Maccabi Sektzia Ma'alot-Tarshiha
- Full name: Maccabi Sektzia Ma'alot-Tarshiha Football Club מכבי סקציה מעלות תרשיחא
- Dissolved: 2024
- Ground: Municipal Stadium, Ma'alot-Tarshiha
- Owner: Gabi Simhon
- Chairman: Daniel Hazan
- Manager: Nissim Shayun
- League: Liga Bet North A
- 2023–24: Liga Bet North A, 13th
| Home colours | Away colours |

= Maccabi Sektzia Ma'alot-Tarshiha F.C. =

Israeli football club

Maccabi Sektzia Ma'alot-Tarshiha (מכבי סקציה מעלות תרשיחא) is an Israeli football club based in Ma'alot-Tarshiha that currently plays in the Liga Alef North division.

==History==
The club has mostly played in the lower divisions of Israeli football. In the 2004–05 season, they were promoted to Liga Alef for the first time after winning the Liga Bet North A North A division. They finished the debut season in Liga Alef North in 6th place, but were relegated back to Liga Bet in the following season after finishing bottom of Liga Alef North. In the 2010–11 season, the club won the Liga Bet North A division for the second time and returned to Liga Alef. In their comeback season in Liga Alef North, the club achieved their best placing to date, finishing in 4th place.

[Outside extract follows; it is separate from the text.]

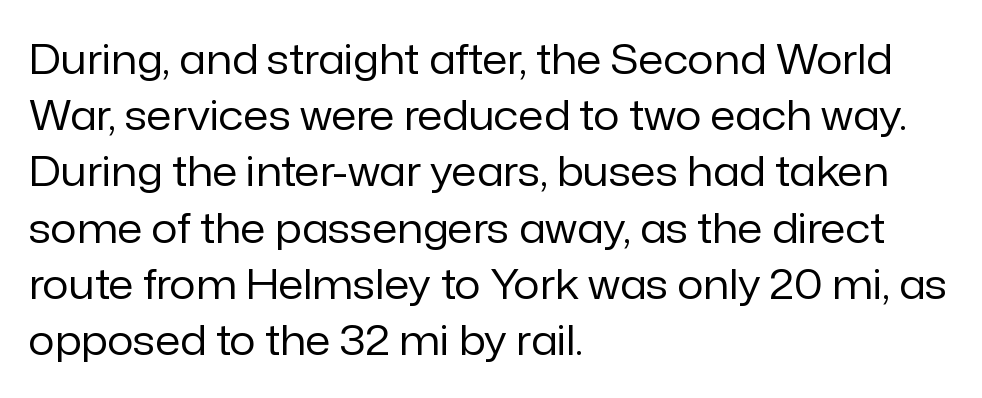
{"serif": "no", "italic": "no", "bold": "no", "weight": "regular", "width": "normal", "stroke_contrast": "low", "x_height": "medium", "monospaced": "no", "underline": "no", "align": "left", "line_spacing": "normal", "line_spacing_ratio": 1.37, "letter_spacing": "normal", "letter_spacing_em": 0.0, "glyph_px": 41}

However, they were once again relegated back to Liga Bet in the following season after another bottom finish.

The club made a remarkable run in the 2013–14 Israel State Cup while playing in Liga Bet, the fourth tier of Israeli football, after eliminating Liga Leumit clubs Hakoah Amidar Ramat Gan 3–0 and Hapoel Petah Tikva 2–1, reaching the Quarter-finals. There, they were defeated 8–0 by top flight club, Maccabi Petah Tikva at HaMoshava Stadium.

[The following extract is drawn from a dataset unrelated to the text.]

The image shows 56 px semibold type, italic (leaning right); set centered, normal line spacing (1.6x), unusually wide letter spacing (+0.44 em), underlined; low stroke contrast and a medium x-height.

In the same season, the club finished third in Liga North A and qualified for the promotion play-offs. After beating F.C. Ahva Kafr Manda, Hapoel Shefa-'Amr, and Maccabi Ahi Iksal, they faced Hapoel Daliyat al-Karmel in the decisive promotion/relegation play-offs. Ma'alot won 6–5 on penalties after a goalless draw and were promoted to Liga Alef.